Segment Start: Material shown

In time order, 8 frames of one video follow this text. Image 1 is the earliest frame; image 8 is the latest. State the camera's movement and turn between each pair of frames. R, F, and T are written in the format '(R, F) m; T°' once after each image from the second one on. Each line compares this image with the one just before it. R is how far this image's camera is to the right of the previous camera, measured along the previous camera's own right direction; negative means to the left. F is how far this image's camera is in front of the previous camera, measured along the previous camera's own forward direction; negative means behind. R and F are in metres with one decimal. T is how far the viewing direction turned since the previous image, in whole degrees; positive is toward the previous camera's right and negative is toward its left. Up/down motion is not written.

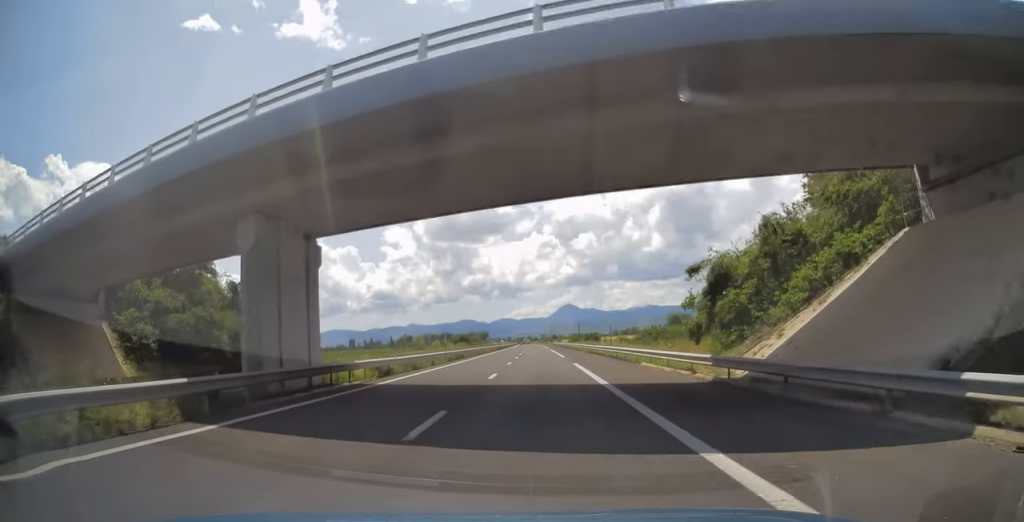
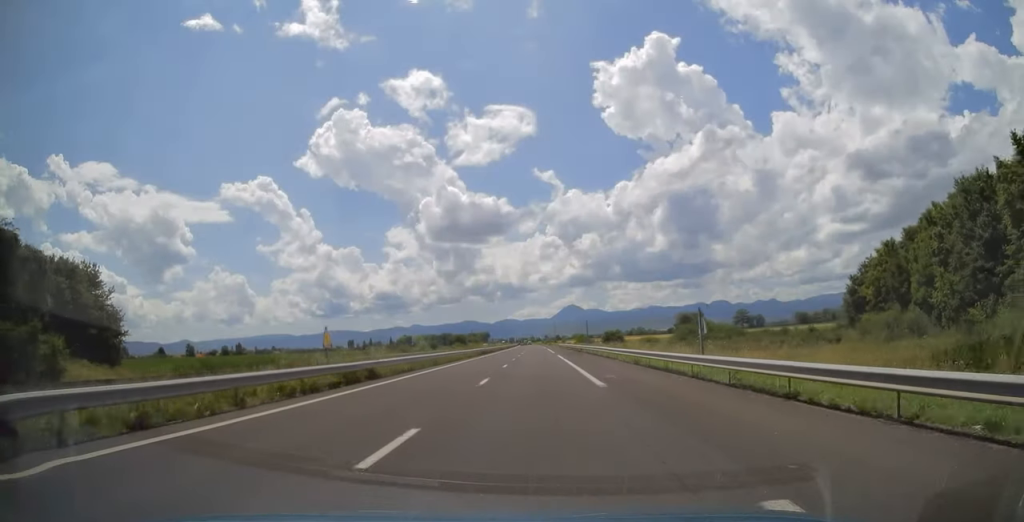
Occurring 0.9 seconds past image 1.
(0.0, +28.2) m; 0°
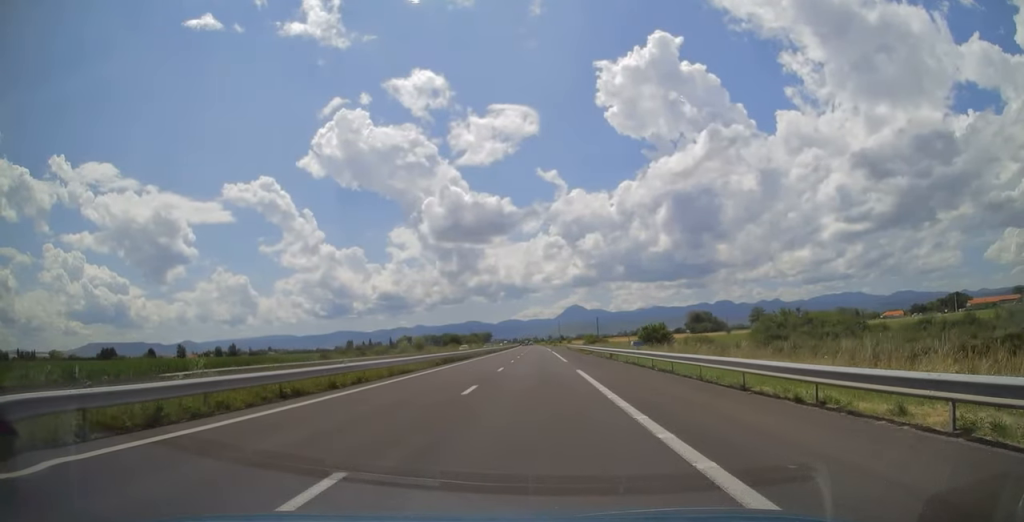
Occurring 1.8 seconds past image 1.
(0.0, +29.3) m; -1°
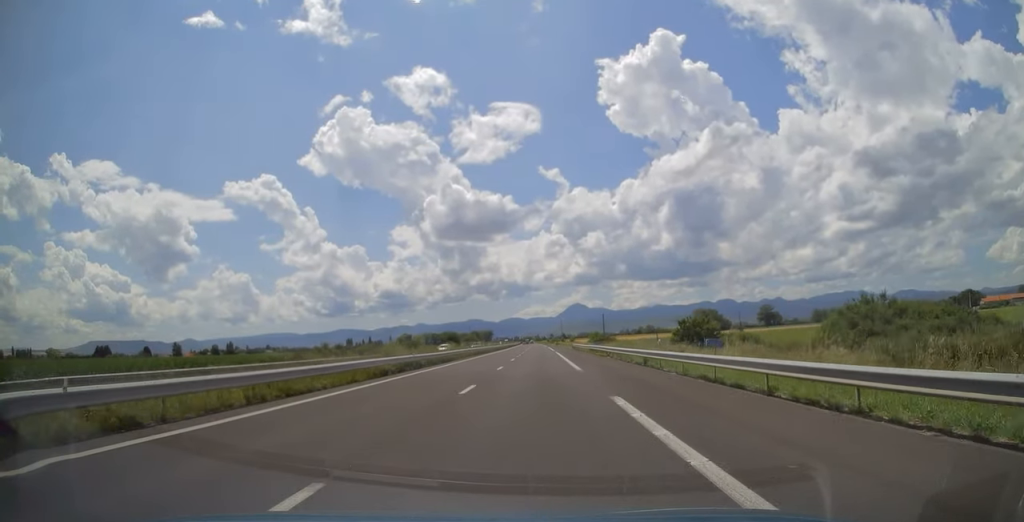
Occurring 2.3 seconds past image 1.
(0.0, +13.6) m; 0°
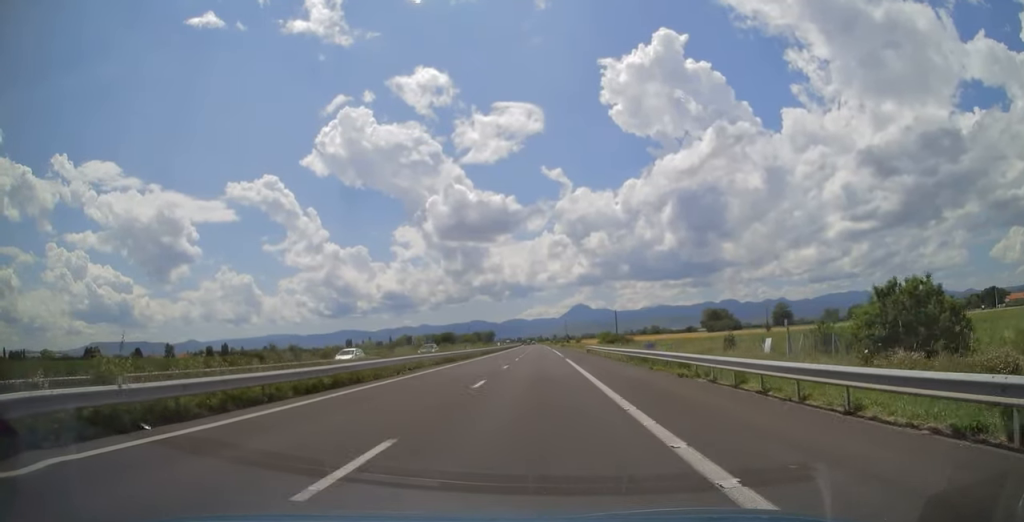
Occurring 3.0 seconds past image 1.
(-0.3, +23.6) m; -1°
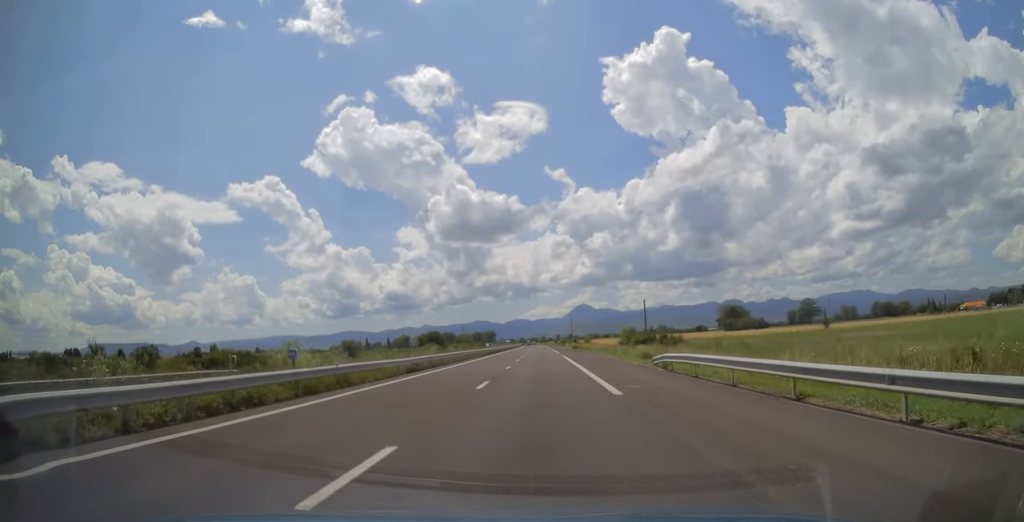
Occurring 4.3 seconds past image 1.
(0.0, +39.3) m; +1°
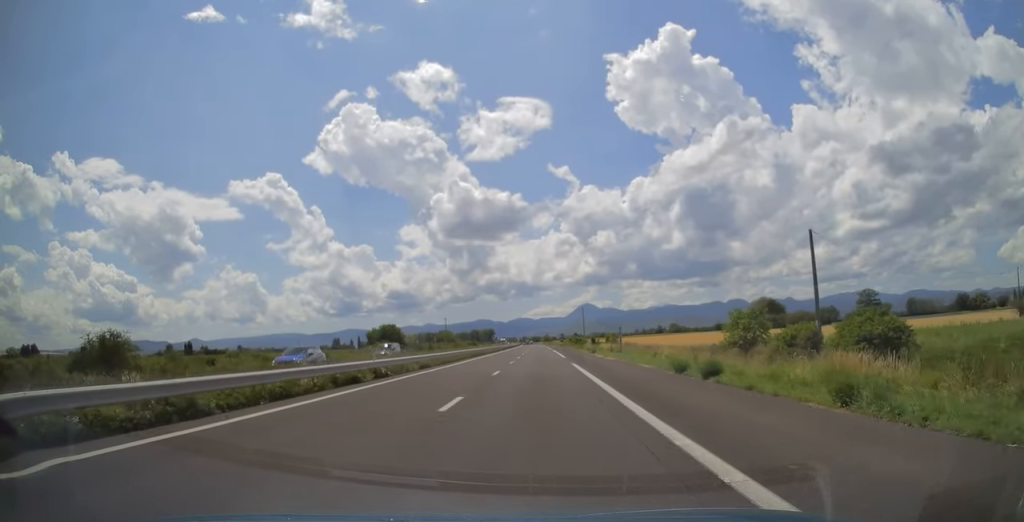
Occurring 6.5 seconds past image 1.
(-0.3, +70.6) m; -1°
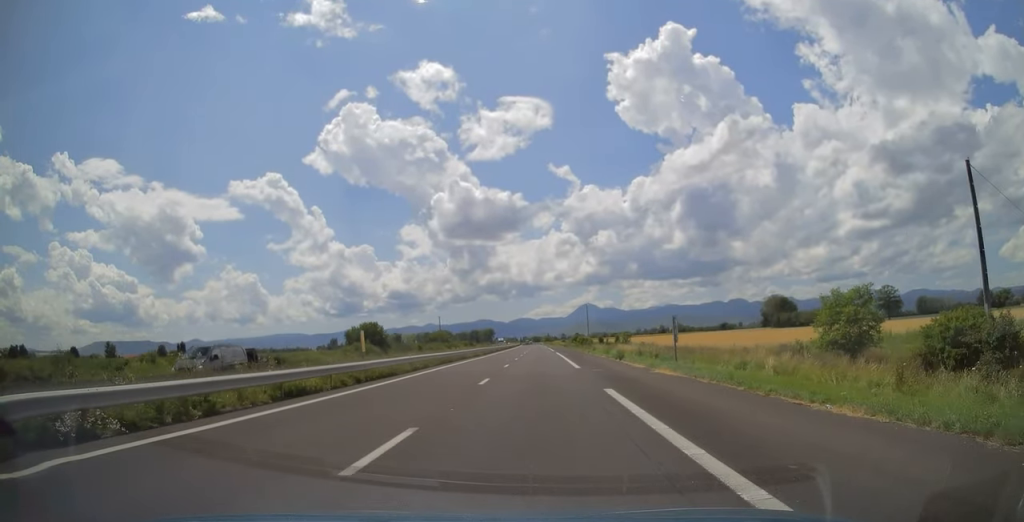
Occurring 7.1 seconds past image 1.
(0.0, +18.3) m; 0°

Segment End: Material shown

- **Exercise**
Every line from the one containing "Occurring 1.8 seconds past image 1." through the final line of the records above is to be written out exactly; nothing else, and no pictures.

- **Expected answer**
Occurring 1.8 seconds past image 1.
(0.0, +29.3) m; -1°
Occurring 2.3 seconds past image 1.
(0.0, +13.6) m; 0°
Occurring 3.0 seconds past image 1.
(-0.3, +23.6) m; -1°
Occurring 4.3 seconds past image 1.
(0.0, +39.3) m; +1°
Occurring 6.5 seconds past image 1.
(-0.3, +70.6) m; -1°
Occurring 7.1 seconds past image 1.
(0.0, +18.3) m; 0°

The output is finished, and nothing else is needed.